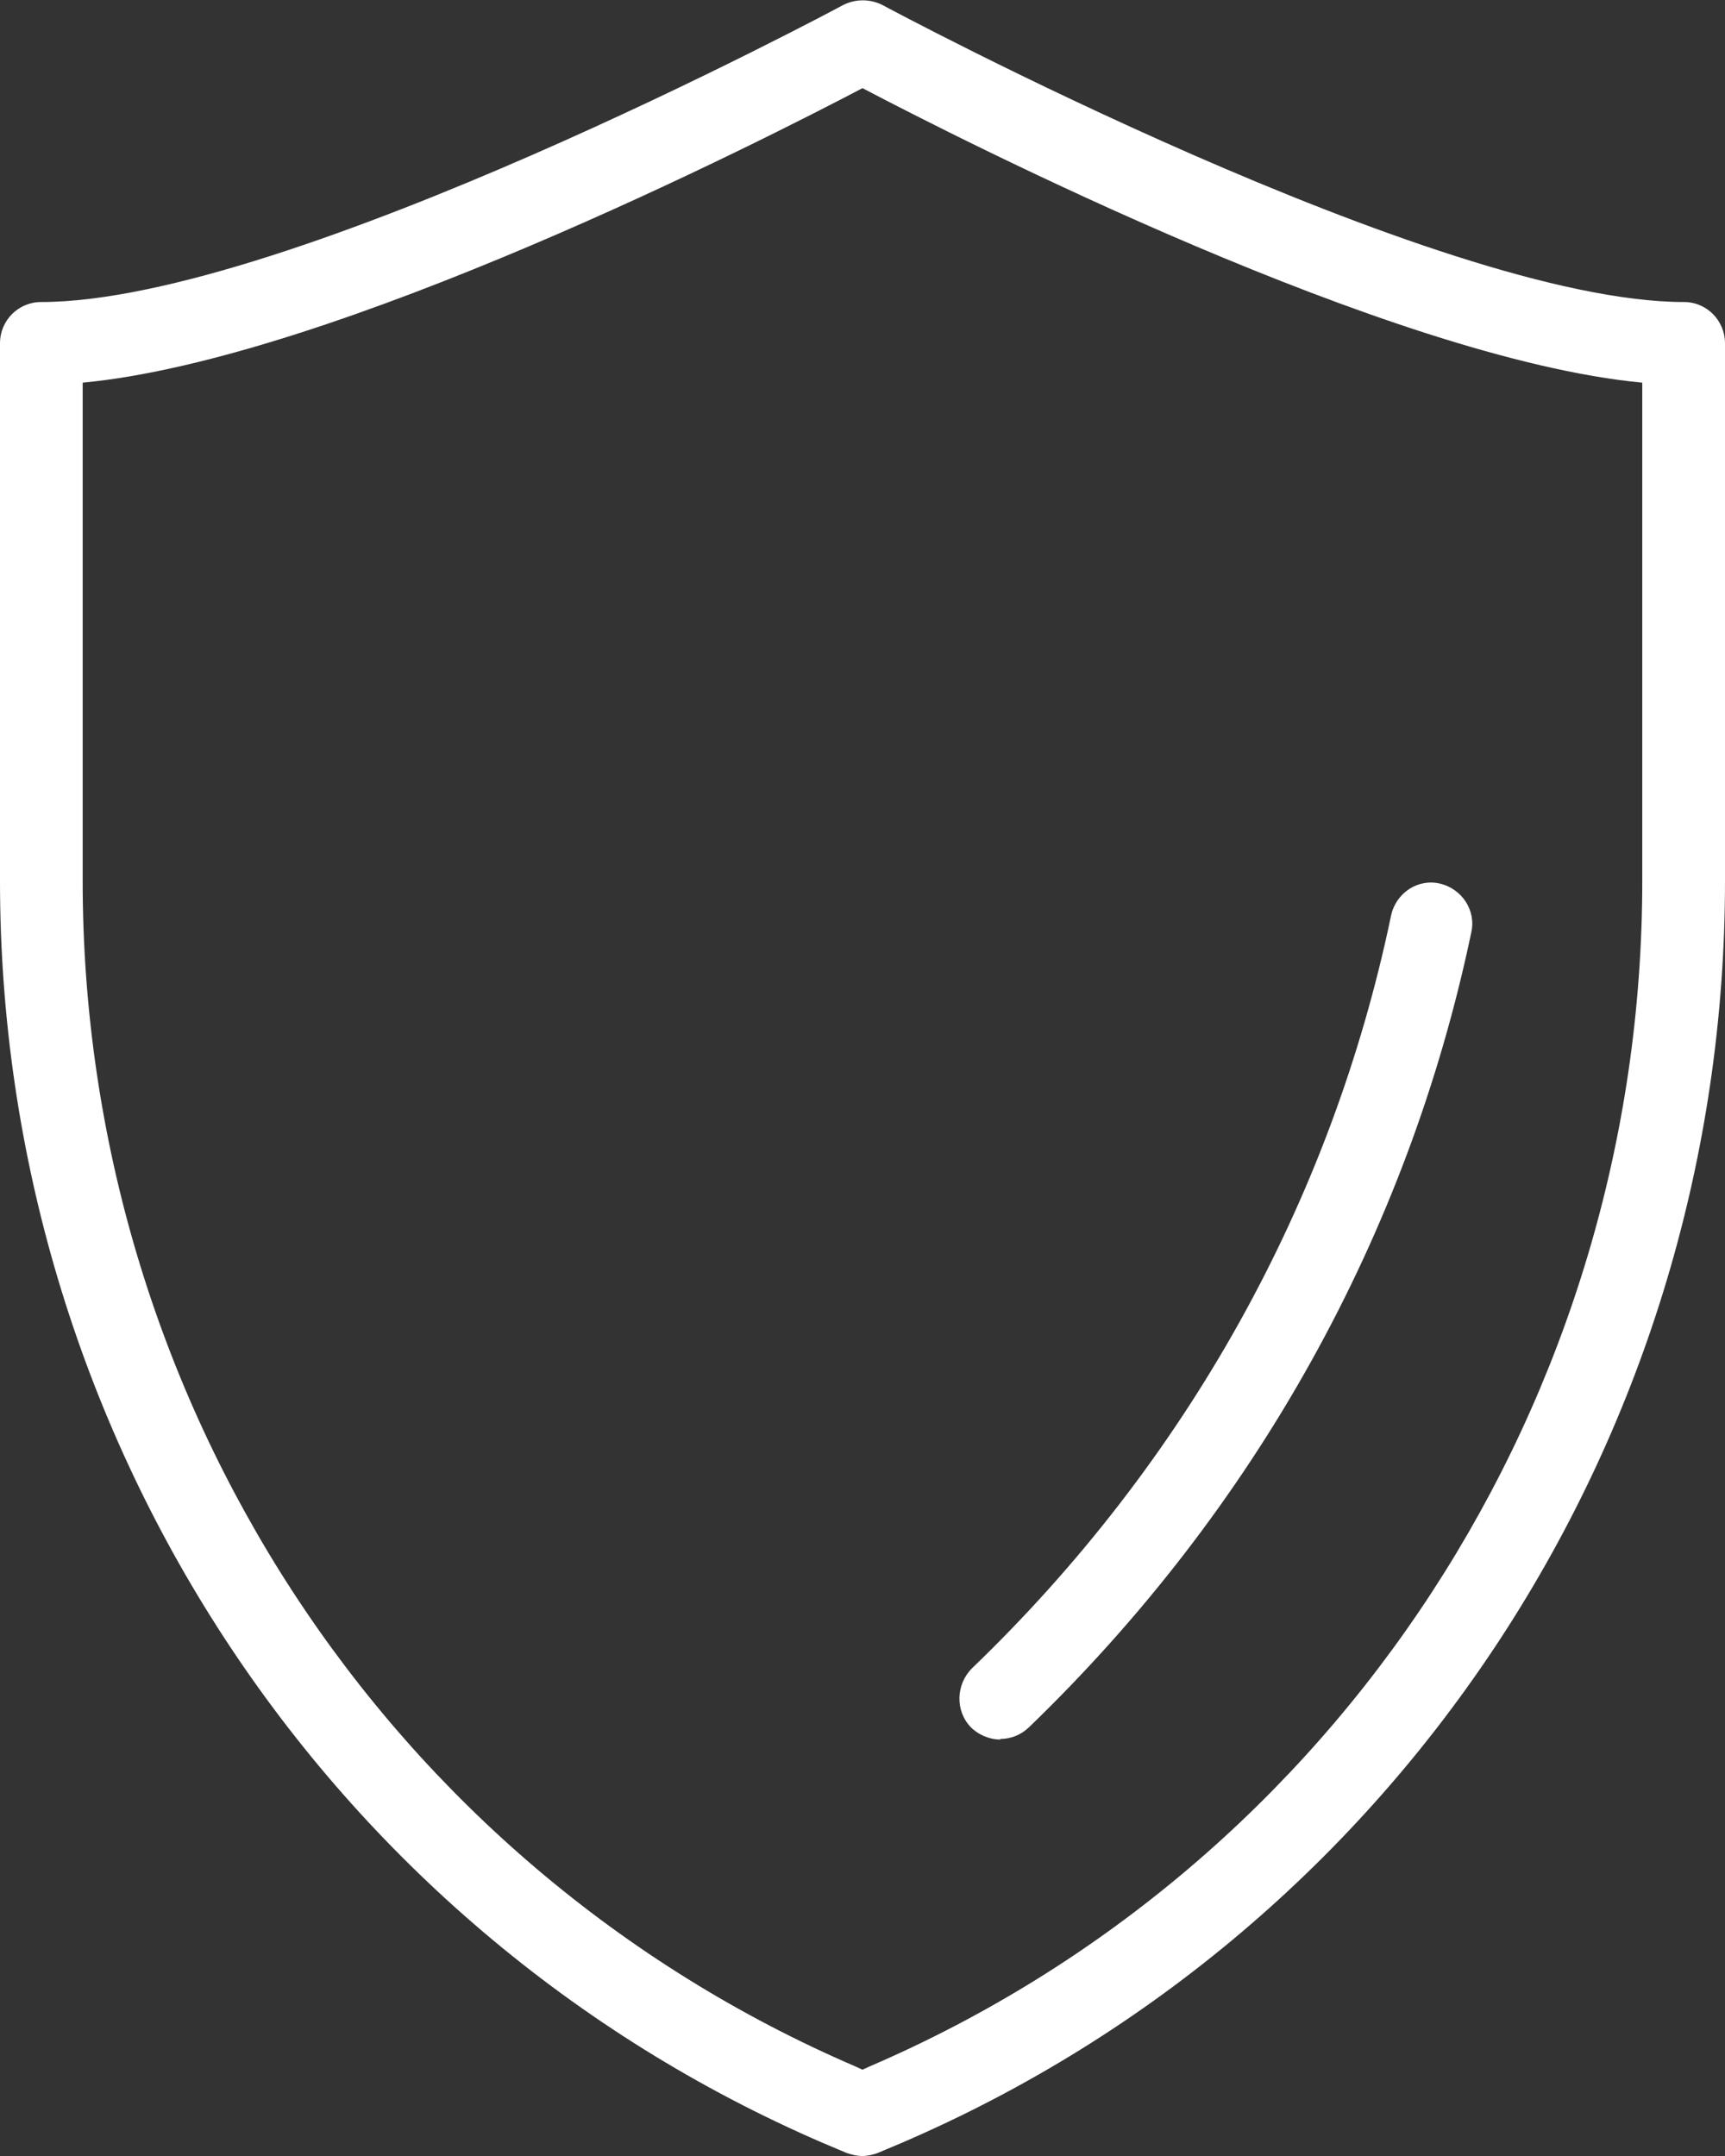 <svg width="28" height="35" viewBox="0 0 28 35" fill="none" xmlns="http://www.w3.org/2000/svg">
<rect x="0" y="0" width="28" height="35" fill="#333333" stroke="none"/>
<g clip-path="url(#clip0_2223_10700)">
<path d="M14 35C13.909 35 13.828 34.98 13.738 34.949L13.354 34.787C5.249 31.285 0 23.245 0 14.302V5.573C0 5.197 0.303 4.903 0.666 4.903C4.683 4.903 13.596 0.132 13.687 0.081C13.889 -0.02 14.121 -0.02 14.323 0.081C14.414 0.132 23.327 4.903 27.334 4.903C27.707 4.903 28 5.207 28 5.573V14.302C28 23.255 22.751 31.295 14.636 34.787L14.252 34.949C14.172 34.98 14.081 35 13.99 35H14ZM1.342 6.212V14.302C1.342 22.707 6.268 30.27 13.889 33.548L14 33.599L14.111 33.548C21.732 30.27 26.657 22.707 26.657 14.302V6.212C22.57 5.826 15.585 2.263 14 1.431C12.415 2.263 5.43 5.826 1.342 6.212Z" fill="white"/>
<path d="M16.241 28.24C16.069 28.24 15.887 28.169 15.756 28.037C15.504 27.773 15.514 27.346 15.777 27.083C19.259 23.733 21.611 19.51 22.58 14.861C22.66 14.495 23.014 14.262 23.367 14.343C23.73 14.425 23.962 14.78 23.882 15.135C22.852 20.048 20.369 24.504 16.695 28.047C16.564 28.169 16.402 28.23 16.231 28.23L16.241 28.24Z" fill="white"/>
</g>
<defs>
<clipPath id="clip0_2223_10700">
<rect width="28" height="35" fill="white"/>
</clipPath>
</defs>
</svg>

..............................

=== Work to complete ===
Return all records above verbatim without their pictures.

=== Solution to the exercise ===
 <svg width="28" height="35" viewBox="0 0 28 35" fill="none" xmlns="http://www.w3.org/2000/svg">
<rect x="0" y="0" width="28" height="35" fill="#333333" stroke="none"/>
<g clip-path="url(#clip0_2223_10700)">
<path d="M14 35C13.909 35 13.828 34.98 13.738 34.949L13.354 34.787C5.249 31.285 0 23.245 0 14.302V5.573C0 5.197 0.303 4.903 0.666 4.903C4.683 4.903 13.596 0.132 13.687 0.081C13.889 -0.02 14.121 -0.02 14.323 0.081C14.414 0.132 23.327 4.903 27.334 4.903C27.707 4.903 28 5.207 28 5.573V14.302C28 23.255 22.751 31.295 14.636 34.787L14.252 34.949C14.172 34.98 14.081 35 13.99 35H14ZM1.342 6.212V14.302C1.342 22.707 6.268 30.27 13.889 33.548L14 33.599L14.111 33.548C21.732 30.27 26.657 22.707 26.657 14.302V6.212C22.57 5.826 15.585 2.263 14 1.431C12.415 2.263 5.43 5.826 1.342 6.212Z" fill="white"/>
<path d="M16.241 28.24C16.069 28.24 15.887 28.169 15.756 28.037C15.504 27.773 15.514 27.346 15.777 27.083C19.259 23.733 21.611 19.51 22.58 14.861C22.66 14.495 23.014 14.262 23.367 14.343C23.73 14.425 23.962 14.78 23.882 15.135C22.852 20.048 20.369 24.504 16.695 28.047C16.564 28.169 16.402 28.23 16.231 28.23L16.241 28.24Z" fill="white"/>
</g>
<defs>
<clipPath id="clip0_2223_10700">
<rect width="28" height="35" fill="white"/>
</clipPath>
</defs>
</svg>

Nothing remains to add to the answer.